The past six years have shown just how far the legal culture has deteriorated. Absent a federal constitutional prohibition, state courts have freely invented a right to homosexual “marriage” in their state constitutions. Doma itself is insufficient, for two reasons. One, what one Congress enacts, another can repeal. And two, because a constitutional amendment creates an ethos — a mindset, a legal culture — that makes its violation far more difficult.

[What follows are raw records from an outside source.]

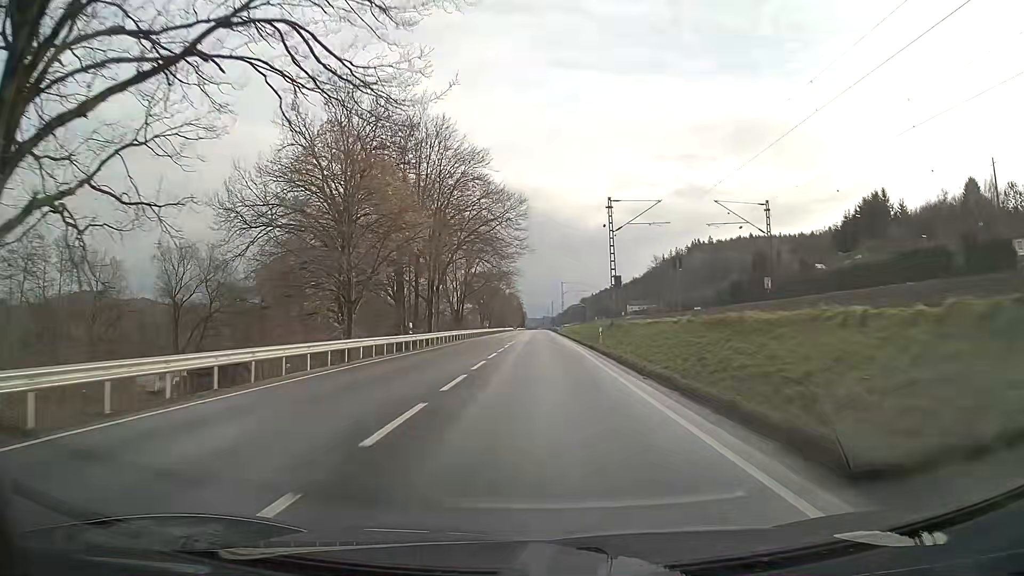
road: primary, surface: asphalt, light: Day
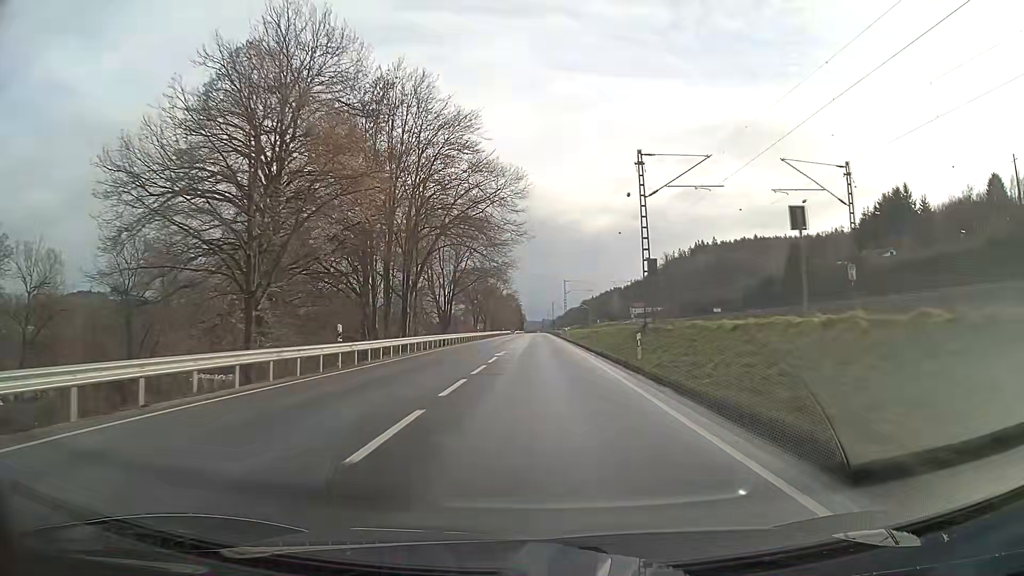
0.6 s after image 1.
(0.0, +13.2) m; 0°
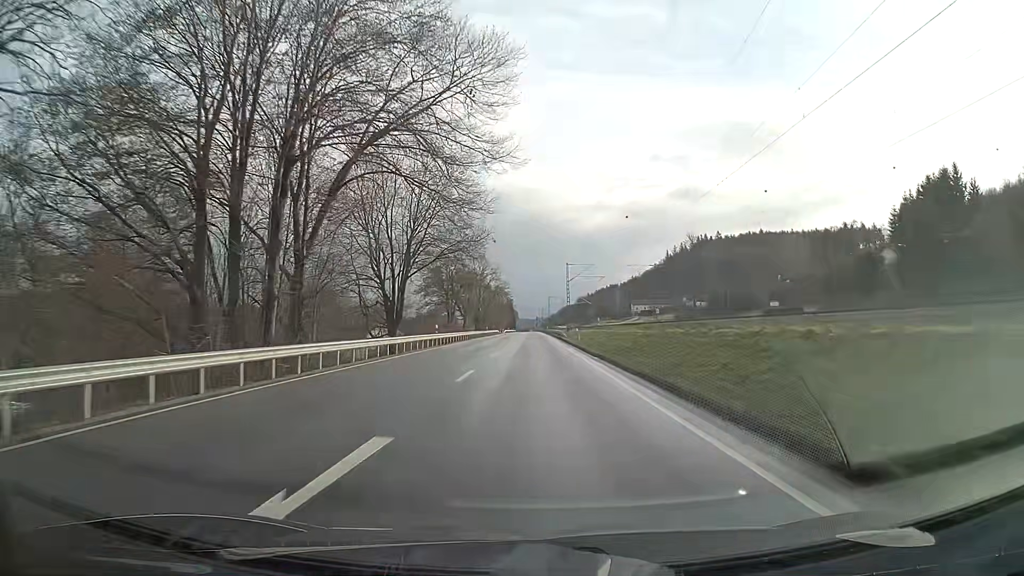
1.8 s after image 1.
(+0.1, +27.9) m; 0°
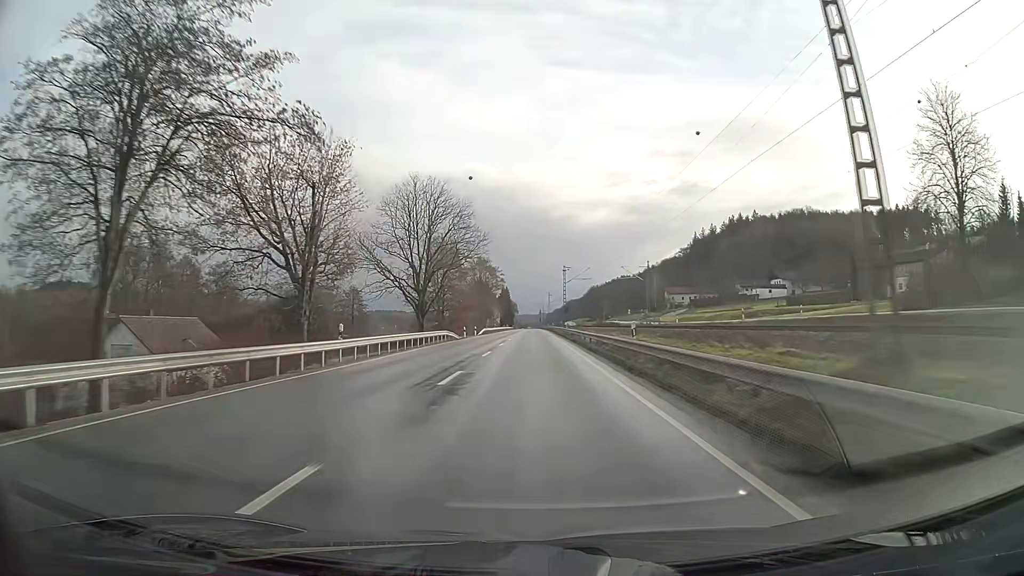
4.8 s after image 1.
(-0.2, +76.0) m; 0°
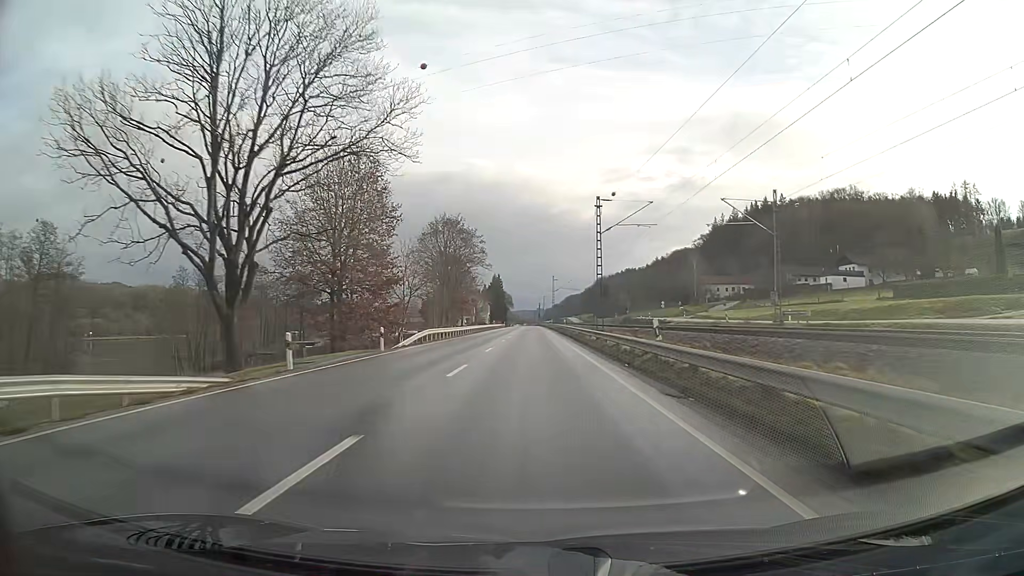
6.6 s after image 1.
(0.0, +47.8) m; 0°
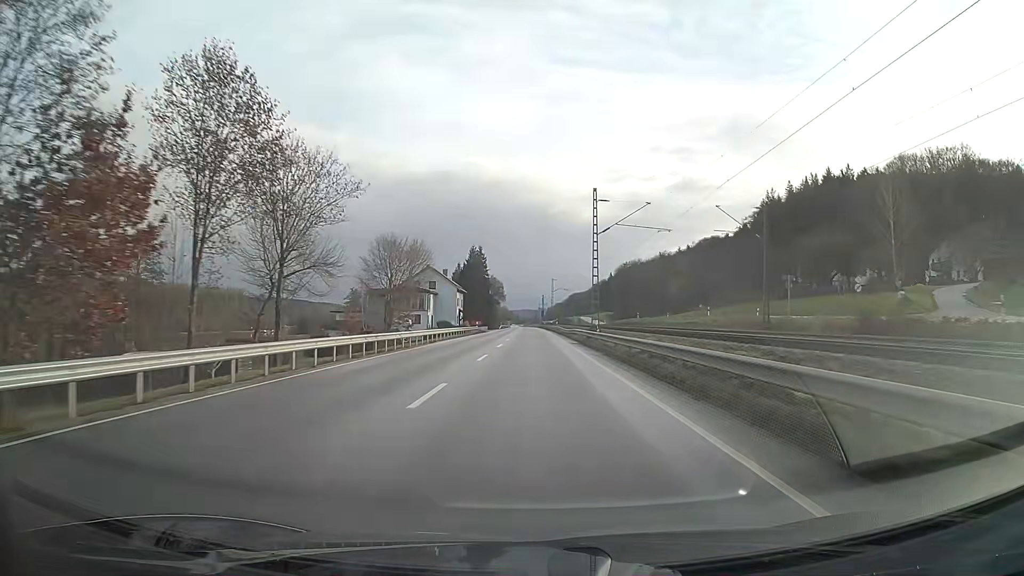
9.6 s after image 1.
(-0.1, +79.3) m; 0°
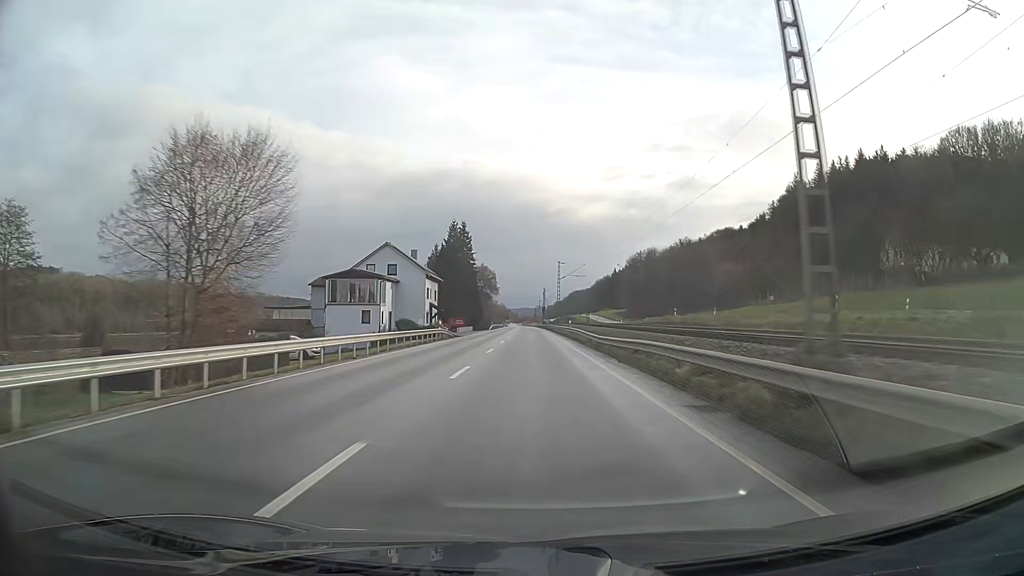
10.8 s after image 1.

The pro-life struggle should be illustrative. Absent a human-life amendment, pro-lifers have spent 37 years fighting incremental battles about important but secondary issues — banning partial-birth abortions, limiting taxpayer funding of abortion or protecting the rights of parents vis-à-vis their minor daughters. We have won many small victories, but the corrupting effects of Roe v. Wade have so metastasized in the American legal system that even these incremental victories remain tenuous and under constant assault.

What we need is a clear resolution of the protection of marriage on the level of legal principle. The U.S. Constitution should say that marriage is a union of a man and a woman. Period. Such a resolution would not necessarily exclude civil unions and other accommodations, but it would prevent legislatures, courts and Congress from making such ersatz unions the legal equivalents of marriage, with all the rights and privileges of marriage.

It would also undo the mischief already wrought in some states, like Massachusetts, Vermont and Connecticut, since the supremacy of federal law would make contrary state policies unconstitutional.

The moment has arrived to start protecting marriage effectively in our legal culture — not by piecemeal victories at the ballot box in Maine or the votes in the New York Senate, but at the level of constitutional principle.

Using the call for a constitutional convention to build and capitalize on that momentum — both during this congressional election year and in preparation for the next presidential election — only seems sensible.

David Yves Braun is the pen name of a government

employee who wishes to remain anonymous.